_TASK ITEM_. Your answer must be a single number: how many lines in the records below contain the word "only".

Start of INFORMATION SUPPLIED

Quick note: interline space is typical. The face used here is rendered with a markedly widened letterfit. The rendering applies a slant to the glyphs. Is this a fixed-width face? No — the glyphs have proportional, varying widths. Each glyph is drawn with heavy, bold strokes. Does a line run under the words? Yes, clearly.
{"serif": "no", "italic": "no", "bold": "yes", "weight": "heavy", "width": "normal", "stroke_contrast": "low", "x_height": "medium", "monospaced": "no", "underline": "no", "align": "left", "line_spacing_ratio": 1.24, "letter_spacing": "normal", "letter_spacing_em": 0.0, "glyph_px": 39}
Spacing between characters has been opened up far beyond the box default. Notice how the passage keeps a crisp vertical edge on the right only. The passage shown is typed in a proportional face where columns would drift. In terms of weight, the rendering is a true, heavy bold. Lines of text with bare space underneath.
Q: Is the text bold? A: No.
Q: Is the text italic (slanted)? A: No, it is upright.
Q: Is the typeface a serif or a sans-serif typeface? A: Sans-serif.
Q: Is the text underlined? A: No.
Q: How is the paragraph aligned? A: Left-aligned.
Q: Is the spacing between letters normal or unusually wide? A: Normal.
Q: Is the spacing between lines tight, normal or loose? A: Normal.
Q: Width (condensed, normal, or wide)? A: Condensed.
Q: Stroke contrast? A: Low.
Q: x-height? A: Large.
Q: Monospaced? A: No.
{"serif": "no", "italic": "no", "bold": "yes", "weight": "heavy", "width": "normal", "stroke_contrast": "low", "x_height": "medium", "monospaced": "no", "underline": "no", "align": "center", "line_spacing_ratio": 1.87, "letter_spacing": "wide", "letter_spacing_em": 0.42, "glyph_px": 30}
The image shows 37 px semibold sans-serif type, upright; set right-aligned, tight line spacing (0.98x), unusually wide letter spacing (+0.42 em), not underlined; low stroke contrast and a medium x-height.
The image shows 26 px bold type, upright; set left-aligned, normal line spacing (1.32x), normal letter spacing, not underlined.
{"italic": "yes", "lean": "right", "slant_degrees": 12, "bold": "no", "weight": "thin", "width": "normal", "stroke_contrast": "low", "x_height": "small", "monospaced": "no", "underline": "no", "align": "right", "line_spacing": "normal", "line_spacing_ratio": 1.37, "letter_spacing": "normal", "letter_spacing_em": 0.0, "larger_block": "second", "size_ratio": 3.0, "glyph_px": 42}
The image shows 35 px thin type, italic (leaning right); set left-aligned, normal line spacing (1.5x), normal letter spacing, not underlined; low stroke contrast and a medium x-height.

End of INFORMATION SUPPLIED
Start of INFORMATION SUPPLIED

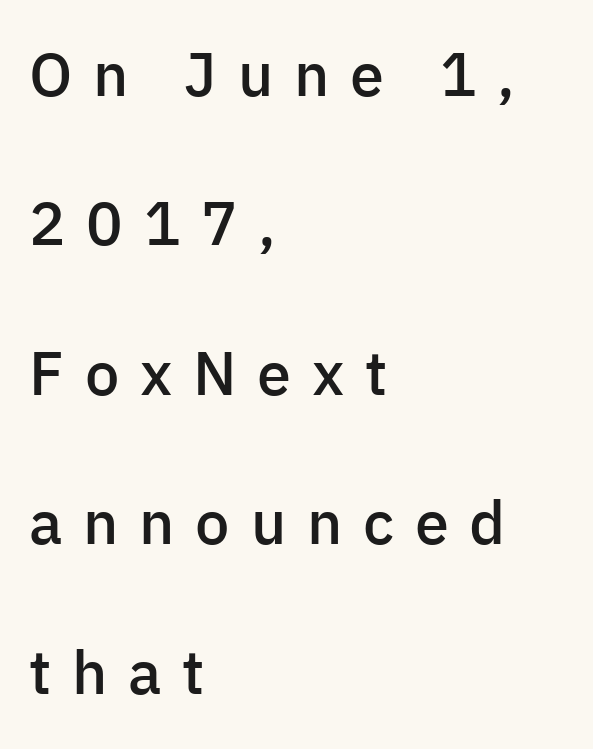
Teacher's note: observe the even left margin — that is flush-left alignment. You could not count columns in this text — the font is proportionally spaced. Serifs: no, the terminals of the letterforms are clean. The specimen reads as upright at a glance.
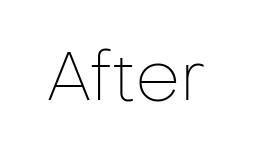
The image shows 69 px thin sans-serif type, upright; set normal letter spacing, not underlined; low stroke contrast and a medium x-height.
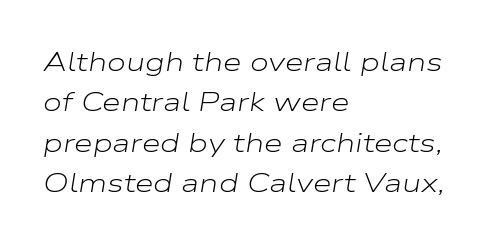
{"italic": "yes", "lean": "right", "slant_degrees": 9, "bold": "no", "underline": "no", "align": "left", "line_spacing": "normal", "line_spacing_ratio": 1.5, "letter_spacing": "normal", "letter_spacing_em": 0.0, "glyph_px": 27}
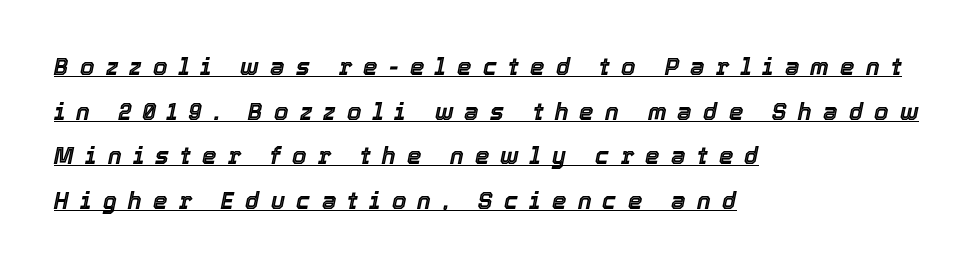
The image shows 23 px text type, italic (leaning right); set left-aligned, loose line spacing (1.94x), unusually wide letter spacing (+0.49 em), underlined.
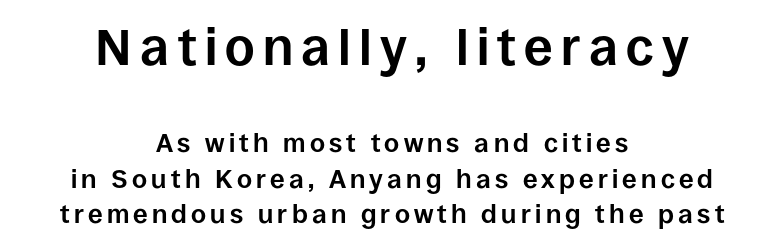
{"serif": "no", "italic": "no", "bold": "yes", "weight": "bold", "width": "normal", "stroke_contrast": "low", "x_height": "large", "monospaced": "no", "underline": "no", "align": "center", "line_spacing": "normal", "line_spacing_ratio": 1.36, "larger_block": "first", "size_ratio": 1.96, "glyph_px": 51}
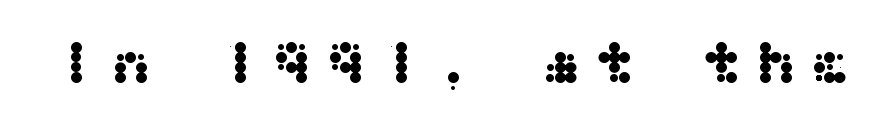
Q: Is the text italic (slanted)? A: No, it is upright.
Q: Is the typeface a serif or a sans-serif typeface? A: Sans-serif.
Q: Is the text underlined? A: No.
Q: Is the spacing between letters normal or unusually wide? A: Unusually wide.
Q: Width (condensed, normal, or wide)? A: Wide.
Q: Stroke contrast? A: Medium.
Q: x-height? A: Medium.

End of INFORMATION SUPPLIED
Start of INFORMATION SUPPLIED

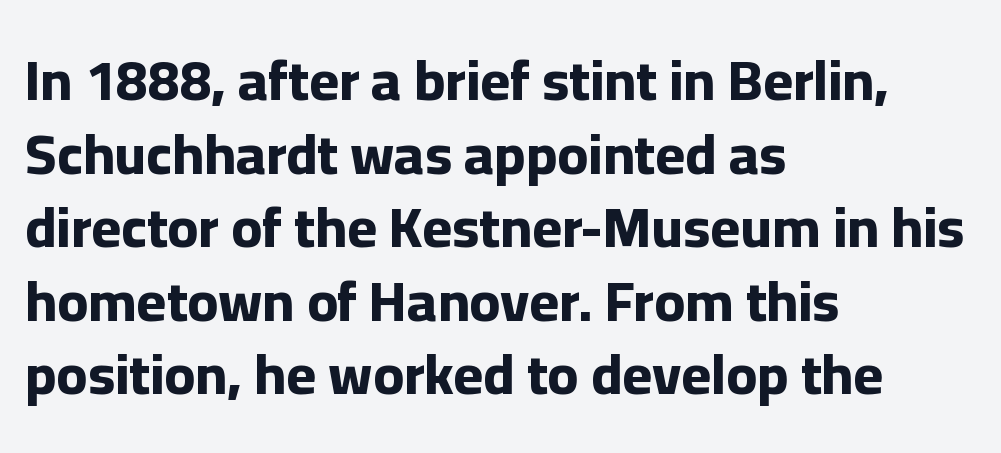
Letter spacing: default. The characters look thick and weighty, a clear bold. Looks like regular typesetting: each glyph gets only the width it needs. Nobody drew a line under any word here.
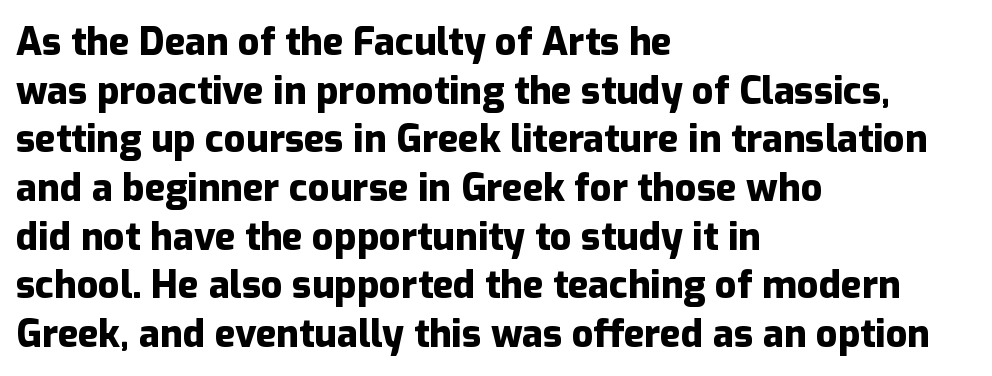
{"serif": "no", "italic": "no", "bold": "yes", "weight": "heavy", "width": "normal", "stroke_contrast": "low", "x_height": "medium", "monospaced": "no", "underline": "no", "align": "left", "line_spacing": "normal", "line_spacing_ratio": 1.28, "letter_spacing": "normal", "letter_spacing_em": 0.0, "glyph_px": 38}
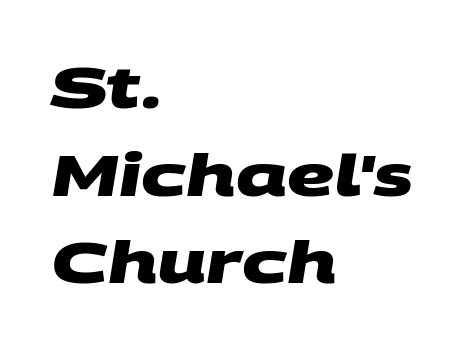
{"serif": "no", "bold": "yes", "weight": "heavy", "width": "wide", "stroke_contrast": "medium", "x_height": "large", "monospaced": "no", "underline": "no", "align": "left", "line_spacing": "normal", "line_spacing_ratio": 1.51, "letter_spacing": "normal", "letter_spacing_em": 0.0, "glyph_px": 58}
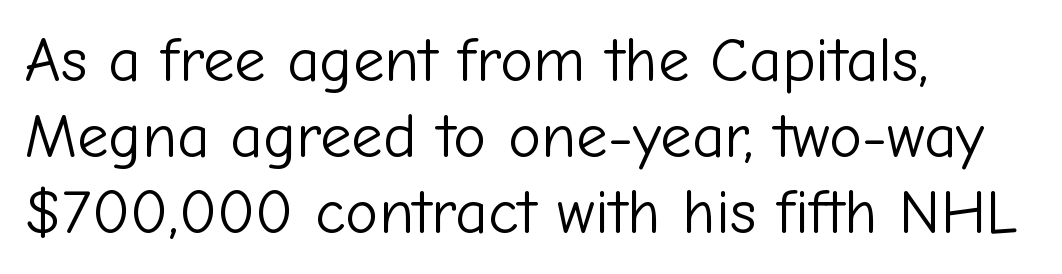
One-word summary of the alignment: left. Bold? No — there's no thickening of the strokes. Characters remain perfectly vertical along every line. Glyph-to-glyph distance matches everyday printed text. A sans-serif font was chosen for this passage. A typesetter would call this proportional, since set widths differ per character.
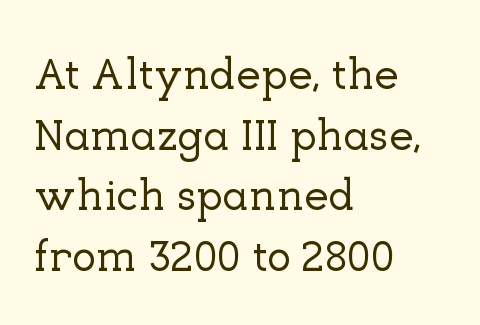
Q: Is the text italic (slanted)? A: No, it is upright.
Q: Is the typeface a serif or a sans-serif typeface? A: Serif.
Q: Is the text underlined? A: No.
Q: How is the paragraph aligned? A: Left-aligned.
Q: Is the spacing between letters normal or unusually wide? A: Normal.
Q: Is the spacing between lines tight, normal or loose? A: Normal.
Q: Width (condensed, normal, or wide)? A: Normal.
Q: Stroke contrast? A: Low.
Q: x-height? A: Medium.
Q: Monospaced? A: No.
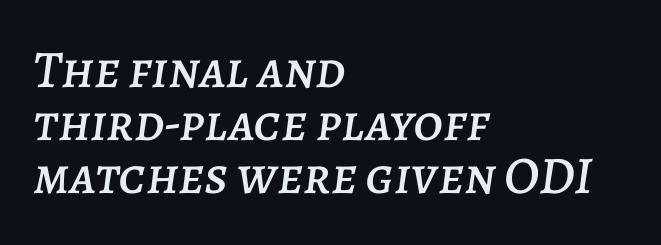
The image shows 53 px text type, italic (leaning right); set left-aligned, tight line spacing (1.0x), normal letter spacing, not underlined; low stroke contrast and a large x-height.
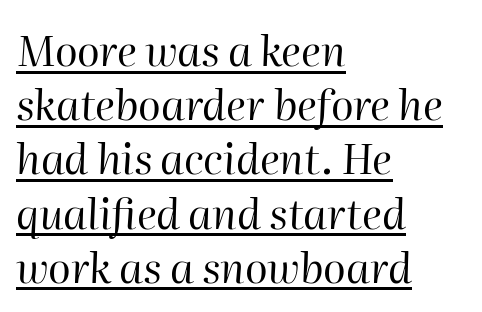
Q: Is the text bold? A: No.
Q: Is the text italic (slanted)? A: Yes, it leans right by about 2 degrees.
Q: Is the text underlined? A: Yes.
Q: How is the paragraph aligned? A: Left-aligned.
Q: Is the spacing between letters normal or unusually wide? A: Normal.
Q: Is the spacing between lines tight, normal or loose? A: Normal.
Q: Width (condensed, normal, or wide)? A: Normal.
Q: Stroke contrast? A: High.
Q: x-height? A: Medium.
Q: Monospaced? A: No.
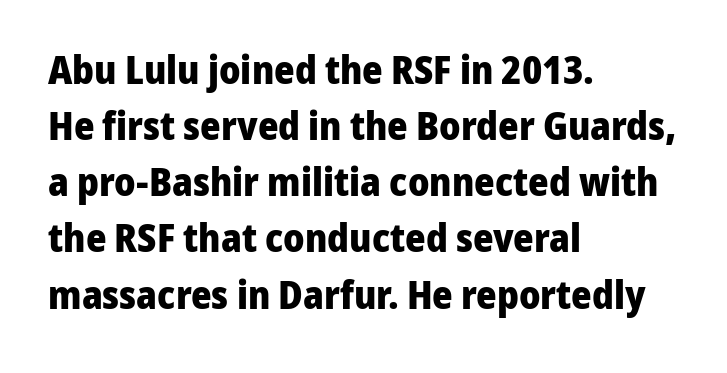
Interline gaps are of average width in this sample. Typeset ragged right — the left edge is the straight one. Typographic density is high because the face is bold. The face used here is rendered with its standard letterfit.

End of INFORMATION SUPPLIED

_TASK SOLUTION_. 2